Faster drug reviews are overshadowed

As a former regular on Fox News, Makary was aggressive about promoting his accomplishments on cable television and podcasts and in online opinion pieces.

More than a half-dozen initiatives from Makary aimed to speed up or streamline FDA drug reviews, including dropping certain study requirements, incorporating artificial intelligence into drug evaluations and offering expedited reviews to medicines that support “national interests.”

But pharmaceutical executives rely on the predictability and consistency of FDA decisions, even more than speedy reviews. Makary’s efforts on drug reviews were overshadowed by internal conflicts and upheavals that created headaches for drugmakers, investors and patients.

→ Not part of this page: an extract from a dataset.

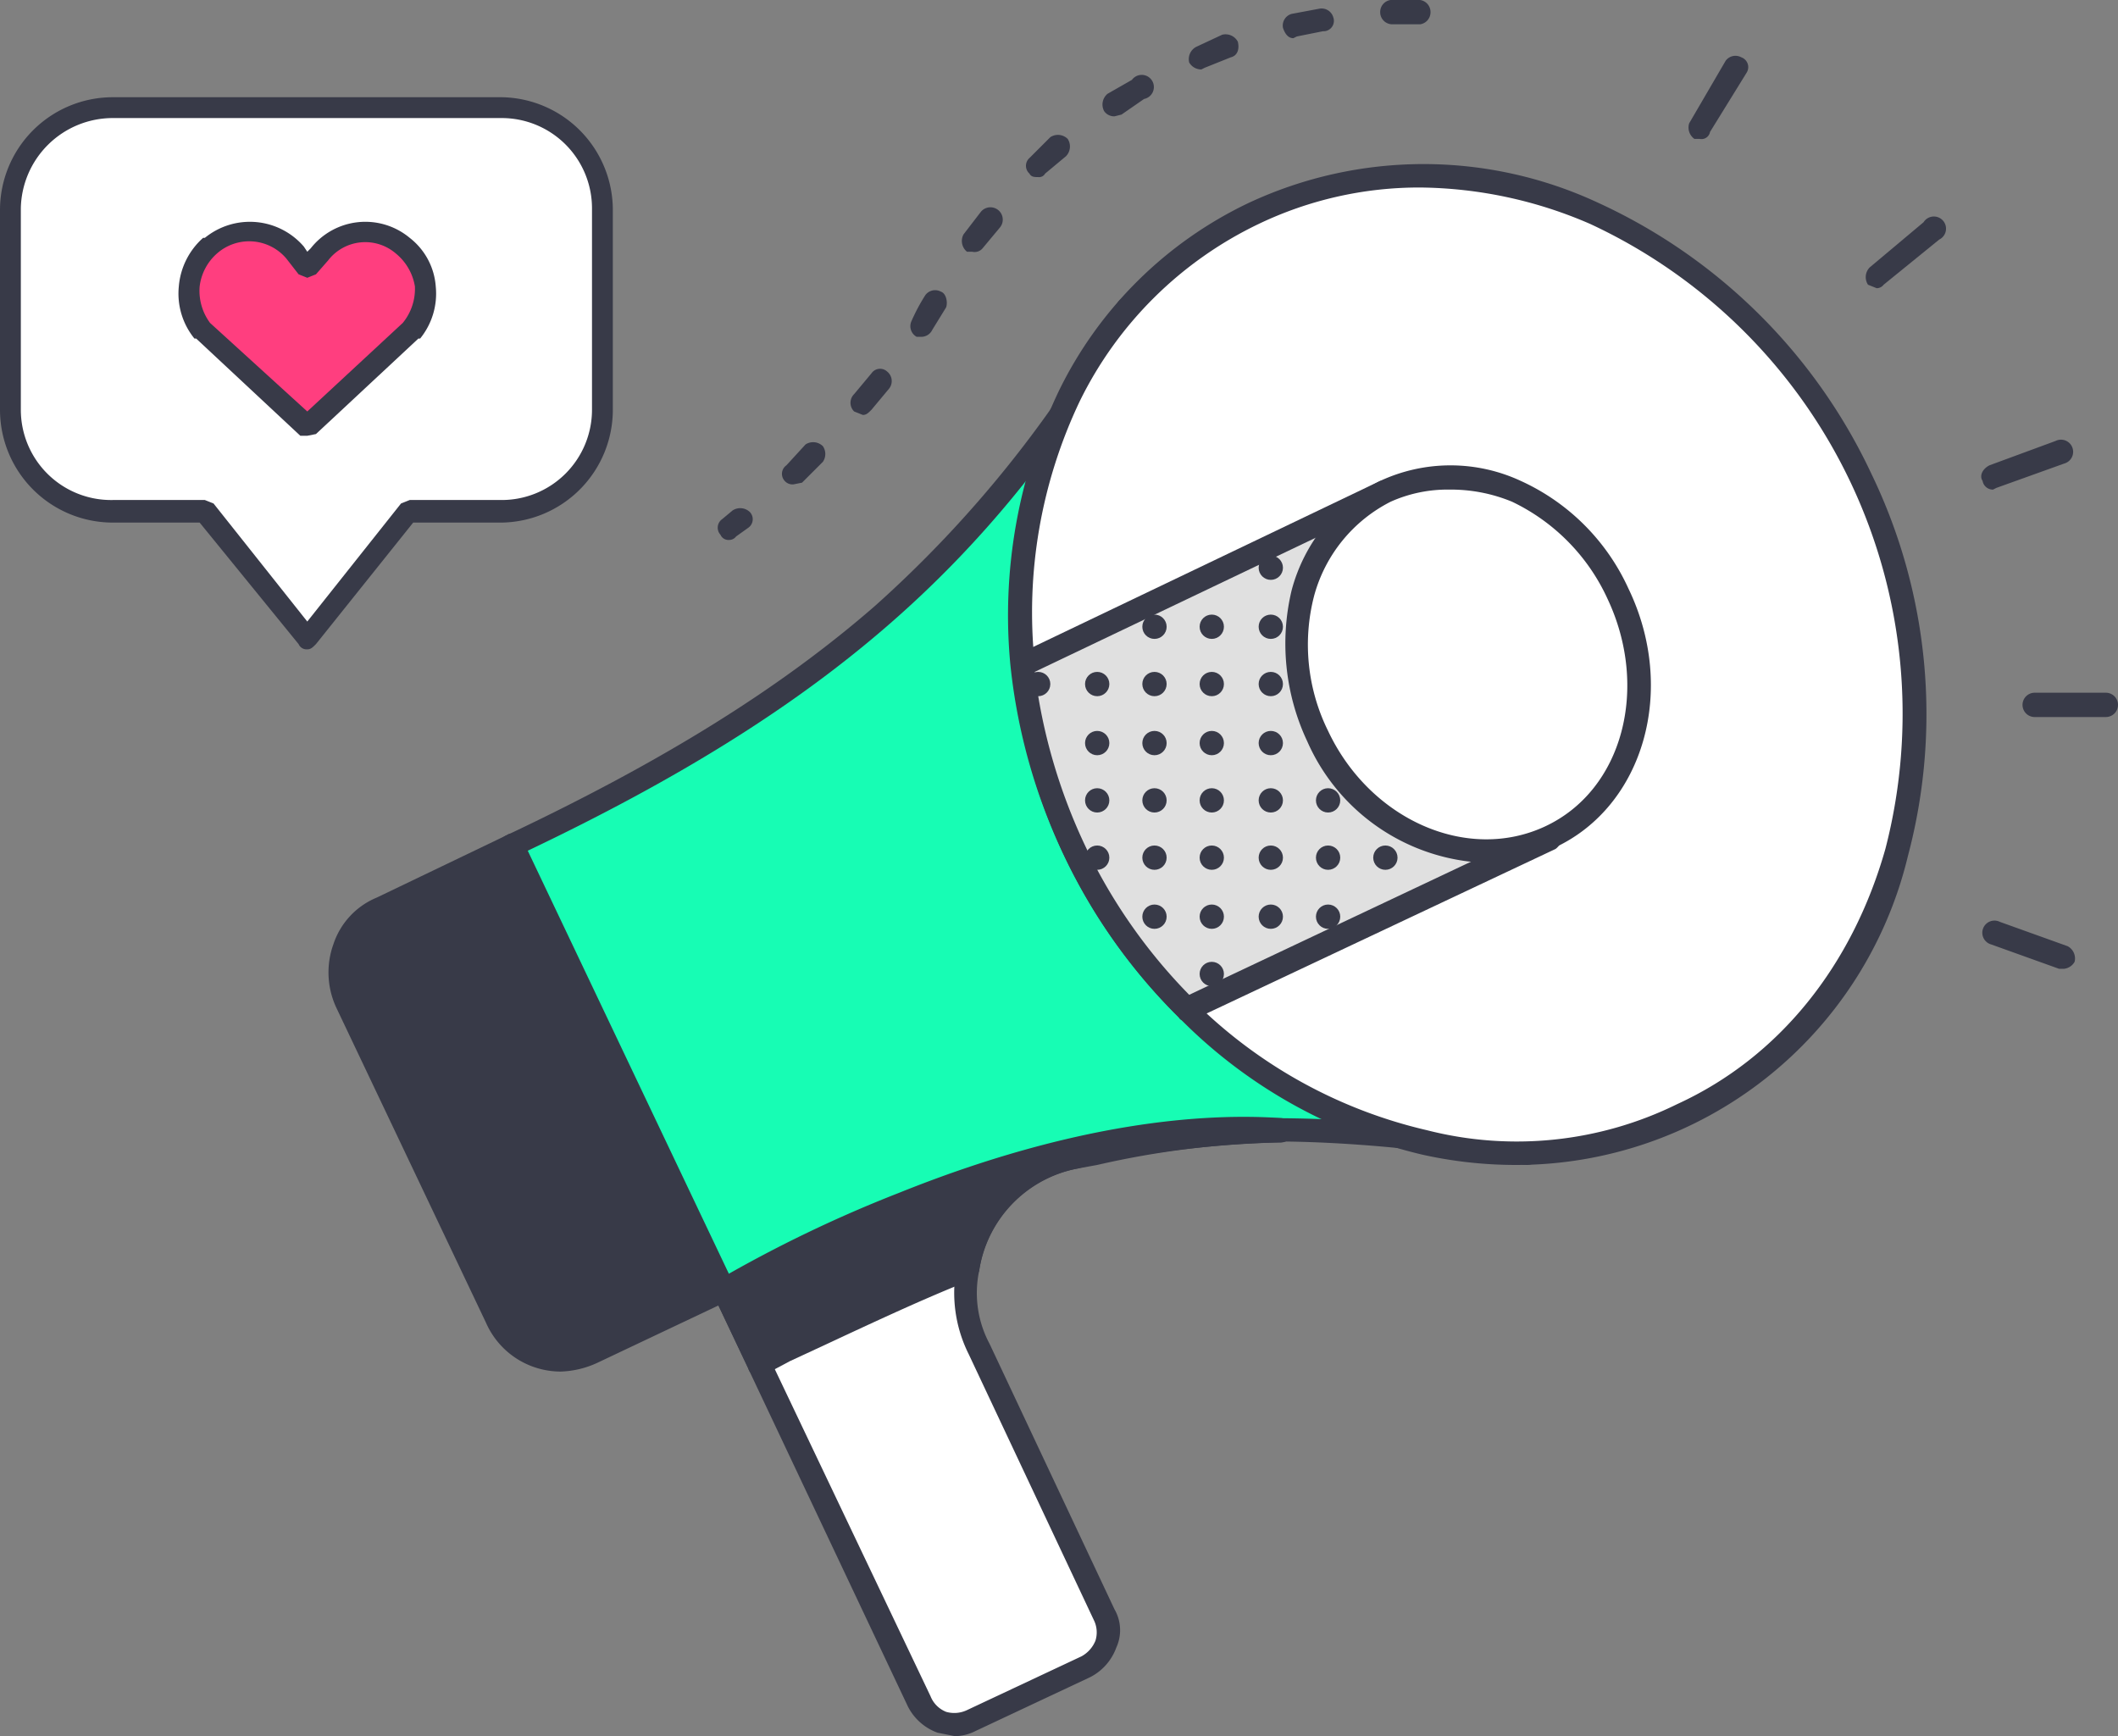 <svg id="Layer_1" data-name="Layer 1" xmlns="http://www.w3.org/2000/svg" viewBox="0 0 122 100"><rect x="0" y="0" width="122" height="100" fill="#808080" stroke="none"/><defs><style>.cls-1{fill:#383a48;}.cls-2{fill:#fff;}.cls-3{fill:#17fdb4;}.cls-4{fill:#e0e0e0;}.cls-5{fill:#ff3e7f;}</style></defs><path class="cls-1" d="M42.3,74,30.1,48.4c-.1-.2-.2-.3-.4-.3a.4.4,0,0,0-.5,0l-7.5,3.6a4.4,4.4,0,0,0-2.5,2.7,4.8,4.8,0,0,0,.2,3.7L28,76.2A4.7,4.7,0,0,0,32.3,79a5.4,5.4,0,0,0,2.1-.5L42,74.9A.6.6,0,0,0,42.3,74Z"/><path class="cls-2" d="M73.8,65.1A59.8,59.8,0,0,0,62,66.6a8,8,0,0,0-6.3,6.5,8.3,8.3,0,0,0,.7,4.6L63.6,93a2.3,2.3,0,0,1-1,3l-6.7,3.1a2.3,2.3,0,0,1-3-1.1L41.7,74.3S58.6,64,73.8,65.1Z"/><path class="cls-1" d="M55,100l-1-.2a3.1,3.1,0,0,1-1.7-1.5L41.1,74.6a.7.7,0,0,1,.2-.9,90.4,90.4,0,0,1,10.5-5c5.6-2.3,14-4.9,22-4.3a.6.6,0,0,1,.6.7.7.7,0,0,1-.6.7A59.8,59.8,0,0,0,63.2,67l-1.1.3a7,7,0,0,0-5.7,5.9,6.2,6.2,0,0,0,.6,4.2l7.2,15.3a2.4,2.4,0,0,1,.1,2.2,3.1,3.1,0,0,1-1.5,1.7l-6.6,3.1A2.7,2.7,0,0,1,55,100ZM42.6,74.6l11,23.1a1.6,1.6,0,0,0,.9.9,1.7,1.7,0,0,0,1.2-.1l6.6-3.1a1.8,1.8,0,0,0,.8-.9,1.6,1.6,0,0,0-.1-1.2L55.8,78a7.9,7.9,0,0,1-.7-5,8.5,8.5,0,0,1,2.7-5A79.4,79.4,0,0,0,42.6,74.6Z"/><path class="cls-3" d="M29.5,48.7C47.3,40.3,56.8,31.9,65,17.8L88.1,66.4c-23.2-3.6-30.9.5-46.4,7.9Z"/><path class="cls-1" d="M41.7,75a.5.5,0,0,1-.6-.4L28.9,49a.6.6,0,0,1,.3-.9c9.1-4.3,15.8-8.5,21.2-13.2a67.4,67.4,0,0,0,14-17.5.7.7,0,0,1,.6-.3.7.7,0,0,1,.6.4L88.7,66.1a.9.9,0,0,1-.1.7.9.9,0,0,1-.7.3c-10.5-1.7-18.2-1.8-25.1-.3s-12.1,4-19.3,7.4l-1.5.7ZM30.4,49,42,73.4l.9-.4c14.4-6.8,22.4-10.6,44-7.5l-22-46.3C56.9,32.7,47.4,40.9,30.4,49Z"/><path class="cls-1" d="M73.8,64.4c-4.4-.3-11.8.2-22,4.3a75.9,75.9,0,0,0-10.4,5,.7.7,0,0,0-.3.9l2,4.2a.5.5,0,0,0,.6.4H44l1.5-.8c3.9-1.8,7.2-3.4,10.5-4.7a1,1,0,0,0,.4-.5,7.1,7.1,0,0,1,5.7-5.9l1.1-.2a51.1,51.1,0,0,1,10.6-1.3c.4,0,.6-.3.7-.7A.8.8,0,0,0,73.8,64.4Z"/><path class="cls-2" d="M107.2,27.5c6.8,14.4,2.2,30.8-10.3,36.8-9.4,4.5-20.7,1.7-28.5-6.1A32.5,32.5,0,0,1,61.9,49a35,35,0,0,1-3-10.7c-1-11.1,3.9-21.5,13.3-26C84.7,6.4,100.4,13.2,107.2,27.5Z"/><path class="cls-1" d="M87.3,67.1a24.8,24.8,0,0,1-5.4-.6,29,29,0,0,1-14-7.9,33.5,33.5,0,0,1-9.7-20.3A30,30,0,0,1,61,22.5,23.3,23.3,0,0,1,71.9,11.7a23.8,23.8,0,0,1,20.2,0,32.2,32.2,0,0,1,15.7,15.6,31.8,31.8,0,0,1,2.1,22A23.2,23.2,0,0,1,87.3,67.1ZM81.8,10.8a21.4,21.4,0,0,0-9.3,2.1A22.1,22.1,0,0,0,62.2,23.1a28.3,28.3,0,0,0-2.6,15.1,29.9,29.9,0,0,0,2.9,10.5,33.9,33.9,0,0,0,6.3,9,28,28,0,0,0,13.4,7.4,20.9,20.9,0,0,0,14.4-1.5c5.9-2.7,10.1-8,12-14.7a31.1,31.1,0,0,0-17-36A25.1,25.1,0,0,0,81.8,10.8Z"/><path class="cls-4" d="M79.8,28.3l9.5,19.9-20.9,10A33.9,33.9,0,0,1,61.9,49a35.8,35.8,0,0,1-3-10.7Z"/><path class="cls-1" d="M68.4,58.8c-.2,0-.4,0-.5-.2a32.7,32.7,0,0,1-9.6-20.3.5.5,0,0,1,.3-.6l20.9-10H80c.2.1.4.2.4.4L89.9,48a.8.8,0,0,1-.3.9l-21,9.9ZM59.6,38.7a32.7,32.7,0,0,0,2.9,10,31.5,31.5,0,0,0,6,8.6l19.9-9.4L79.5,29.2Z"/><circle class="cls-1" cx="79.8" cy="49.4" r="0.7"/><circle class="cls-1" cx="76.5" cy="46.1" r="0.7"/><circle class="cls-1" cx="76.5" cy="49.4" r="0.7"/><circle class="cls-1" cx="76.5" cy="52.8" r="0.7"/><circle class="cls-1" cx="73.2" cy="32.7" r="0.7"/><circle class="cls-1" cx="73.2" cy="36.1" r="0.7"/><circle class="cls-1" cx="73.2" cy="39.4" r="0.7"/><circle class="cls-1" cx="73.2" cy="42.8" r="0.7"/><circle class="cls-1" cx="73.2" cy="46.1" r="0.7"/><circle class="cls-1" cx="73.2" cy="49.4" r="0.7"/><circle class="cls-1" cx="73.2" cy="52.8" r="0.7"/><circle class="cls-1" cx="69.8" cy="36.1" r="0.7"/><circle class="cls-1" cx="69.8" cy="39.4" r="0.7"/><circle class="cls-1" cx="69.8" cy="42.8" r="0.7"/><circle class="cls-1" cx="69.8" cy="46.1" r="0.7"/><circle class="cls-1" cx="69.8" cy="49.4" r="0.7"/><circle class="cls-1" cx="69.8" cy="52.8" r="0.7"/><circle class="cls-1" cx="69.8" cy="56.1" r="0.7"/><circle class="cls-1" cx="66.5" cy="36.1" r="0.7"/><circle class="cls-1" cx="66.5" cy="39.4" r="0.7"/><circle class="cls-1" cx="66.5" cy="42.8" r="0.7"/><circle class="cls-1" cx="66.5" cy="46.1" r="0.7"/><circle class="cls-1" cx="66.5" cy="49.4" r="0.7"/><circle class="cls-1" cx="66.5" cy="52.8" r="0.7"/><circle class="cls-1" cx="63.2" cy="39.4" r="0.7"/><circle class="cls-1" cx="63.2" cy="42.8" r="0.7"/><circle class="cls-1" cx="63.2" cy="46.1" r="0.7"/><circle class="cls-1" cx="63.2" cy="49.4" r="0.7"/><circle class="cls-1" cx="59.8" cy="39.4" r="0.7"/><ellipse class="cls-2" cx="84.6" cy="38.3" rx="9.6" ry="11" transform="translate(-8.3 40) rotate(-25.4)"/><path class="cls-1" d="M85.6,49.7a11.7,11.7,0,0,1-10.3-7,13.2,13.2,0,0,1-.9-8.7,9.9,9.9,0,0,1,5.1-6.3,9.6,9.6,0,0,1,8.1,0,12.5,12.5,0,0,1,6.2,6.2c2.8,5.8.9,12.5-4.2,14.9A9.3,9.3,0,0,1,85.6,49.7ZM83.5,28.2a8,8,0,0,0-3.4.7,8.6,8.6,0,0,0-4.4,5.4,11.2,11.2,0,0,0,.8,7.8c2.4,5.1,8,7.6,12.5,5.5s6-8,3.6-13.1a11.5,11.5,0,0,0-5.5-5.6A9.2,9.2,0,0,0,83.5,28.2Z"/><path class="cls-1" d="M42,31.1a.5.5,0,0,1-.5-.3.6.6,0,0,1,.1-.9l.6-.5a.8.8,0,0,1,1,.1.6.6,0,0,1-.1.9l-.7.5A.5.5,0,0,1,42,31.1Zm3.7-3.2a.6.6,0,0,1-.5-.2.6.6,0,0,1,.1-.9l1.1-1.2a.8.8,0,0,1,1,.1.8.8,0,0,1,0,.9l-1.2,1.2Zm4-4-.5-.2a.7.7,0,0,1,0-1l1-1.2a.6.6,0,0,1,.9-.1.7.7,0,0,1,.1,1l-1,1.2C50,23.8,49.9,23.9,49.7,23.9Zm3.4-4.5h-.3a.7.7,0,0,1-.3-.9,10.9,10.9,0,0,1,.8-1.5.7.7,0,0,1,.9-.2c.3.1.4.6.3.9L53.7,19A.7.7,0,0,1,53.1,19.4ZM56,14.5h-.3a.8.8,0,0,1-.2-1l1-1.3a.7.7,0,1,1,1.1.9l-1,1.2A.6.6,0,0,1,56,14.5Zm3.8-4.3c-.2,0-.4,0-.5-.2a.6.6,0,0,1,0-.9l1.2-1.2a.8.8,0,0,1,1,.1.8.8,0,0,1-.1,1l-1.2,1A.4.4,0,0,1,59.8,10.2Zm4.4-3.5a.7.7,0,0,1-.6-.3.8.8,0,0,1,.2-1l1.4-.8a.7.7,0,1,1,.7,1.1l-1.3.9Zm5-2.7a.8.8,0,0,1-.7-.4.8.8,0,0,1,.4-.9L70.4,2a.8.8,0,0,1,.9.4c.1.4,0,.8-.4.9l-1.5.6Zm5.3-1.8q-.4,0-.6-.6a.7.7,0,0,1,.5-.8L76,.5a.7.7,0,0,1,.8.5.6.6,0,0,1-.6.8l-1.5.3Zm5.7-.8a.7.7,0,0,1-.7-.7.7.7,0,0,1,.6-.7h1.7a.7.7,0,0,1,.6.7.7.7,0,0,1-.6.7Z"/><path class="cls-1" d="M108.1,16.6l-.5-.2a.8.8,0,0,1,.1-1l3.1-2.6a.7.7,0,1,1,.9,1l-3.2,2.6A.5.5,0,0,1,108.1,16.6Z"/><path class="cls-1" d="M114.8,28.2a.6.6,0,0,1-.6-.5c-.2-.3,0-.7.4-.9l3.8-1.4a.7.7,0,1,1,.5,1.3L115,28.1Z"/><path class="cls-1" d="M117.2,41.3a.7.7,0,0,1,0-1.4h4.1a.7.7,0,0,1,0,1.4Z"/><path class="cls-1" d="M118.9,55.8h-.3l-3.9-1.4a.7.7,0,1,1,.5-1.3l3.9,1.4a.8.8,0,0,1,.4.9A.8.8,0,0,1,118.9,55.8Z"/><path class="cls-1" d="M97.9,8h-.3a.8.8,0,0,1-.3-.9l2.1-3.6a.7.7,0,0,1,.9-.2.6.6,0,0,1,.3.9L98.5,7.6A.5.5,0,0,1,97.9,8Z"/><path class="cls-2" d="M28.9,6.2H6.5A5.8,5.8,0,0,0,.6,12V23.6a5.8,5.8,0,0,0,5.9,5.8h5.3l5.9,7.4,5.9-7.4h5.3a5.9,5.9,0,0,0,5.9-5.8V12A6,6,0,0,0,28.9,6.2Z"/><path class="cls-1" d="M17.7,37.4a.5.5,0,0,1-.5-.3l-5.7-7h-5A6.5,6.5,0,0,1,0,23.6V12.1A6.5,6.5,0,0,1,6.5,5.6H28.9a6.5,6.5,0,0,1,6.4,6.5V23.6a6.5,6.5,0,0,1-6.4,6.5H23.8l-5.6,7C18,37.3,17.9,37.4,17.7,37.4ZM6.5,6.8A5.3,5.3,0,0,0,1.2,12V23.6a5.2,5.2,0,0,0,5.3,5.2h5.3l.5.2,5.4,6.8L23.1,29l.5-.2h5.3a5.2,5.2,0,0,0,5.2-5.2V12a5.2,5.2,0,0,0-5.2-5.2Z"/><path class="cls-5" d="M18.4,14.6l-.7.8-.7-.9a3.6,3.6,0,0,0-4.9-.4h0a3.4,3.4,0,0,0-.4,4.9l6,5.5,6-5.5a3.5,3.5,0,0,0-.5-4.9h0A3.4,3.4,0,0,0,18.4,14.6Z"/><path class="cls-1" d="M17.7,25.1h-.4l-6-5.6h-.1a4.1,4.1,0,0,1-.9-3,4.2,4.2,0,0,1,1.4-2.8h.1a4.1,4.1,0,0,1,5.7.5l.2.3.2-.2h0a4,4,0,0,1,5.7-.6,3.9,3.9,0,0,1,1.5,2.8,4.1,4.1,0,0,1-.9,3h-.1L18.2,25Zm-5.6-6.5,5.6,5.1,5.5-5.1a3.1,3.1,0,0,0,.7-2.1,3.1,3.1,0,0,0-1.1-1.9,2.7,2.7,0,0,0-3.9.4h0l-.7.8-.5.2h0l-.5-.2-.7-.9a2.8,2.8,0,0,0-4-.3h0a3,3,0,0,0-1,1.9A3.1,3.1,0,0,0,12.1,18.6Z"/></svg>

A number of specialty drugmakers studying therapies for rare or hard-to-treat diseases said they received rejection letters or requests to run additional studies for drugs that previously had been given the go-ahead by FDA staff. Those drugs were primarily overseen by Prasad, who stepped down for a second time from his role as FDA’s vaccine and biotech chief in April.

Vaccine moves denounced

Prasad repeatedly overruled vaccine staffers to restrict eligibility for new COVID shots. In February, Prasad initially refused to even consider Moderna’s mRNA shot for flu. The FDA was forced to reverse itself after Moderna pledged to formally challenge the decision and called for intervention by the White House.

Some of Makary and Prasad’s most controversial vaccine proposals never came to fruition, despite stoking confusion and anxiety within the FDA and beyond.

In an internal memo in November, Prasad claimed — without publishing evidence — that the FDA had linked COVID shots to the deaths of 10 children. Prasad used that to justify a planned wholesale overhaul of the agency’s approach to approving and updating vaccines.

A dozen former FDA commissioners issued a scathing denunciation of the plan, warning that it would “undermine the public interest” and decimate vaccine development. The FDA has not released its analysis of the deaths or its plan for the vaccine overhaul.

FDA’s drug center had a revolving door

In the FDA’s drug center, which is the agency’s largest division, Makary oversaw a revolving door of leadership changes. Six people served as director over the course of one year.

Makary’s initial pick for the job, Dr. George Tidmarsh, was forced to resign after allegations that he used his FDA position to pursue a personal vendetta against a former business partner.

His replacement, longtime FDA cancer specialist Dr. Rick Pazdur, announced he would retire after just three weeks on the job, after clashing with Makary on multiple issues involving drug reviews.

With Makary’s departure, the fate of many fledgling initiatives is uncertain.

Most of the programs Makary introduced have not gone through federal rulemaking required to enshrine them in U.S. regulations and could easily be overturned by his successors.

Democrats in Congress have questioned the legality of some of those efforts, including a program that offers drugmakers expedited reviews for innovative medicines.

Perrone and Kim write for the Associated Press.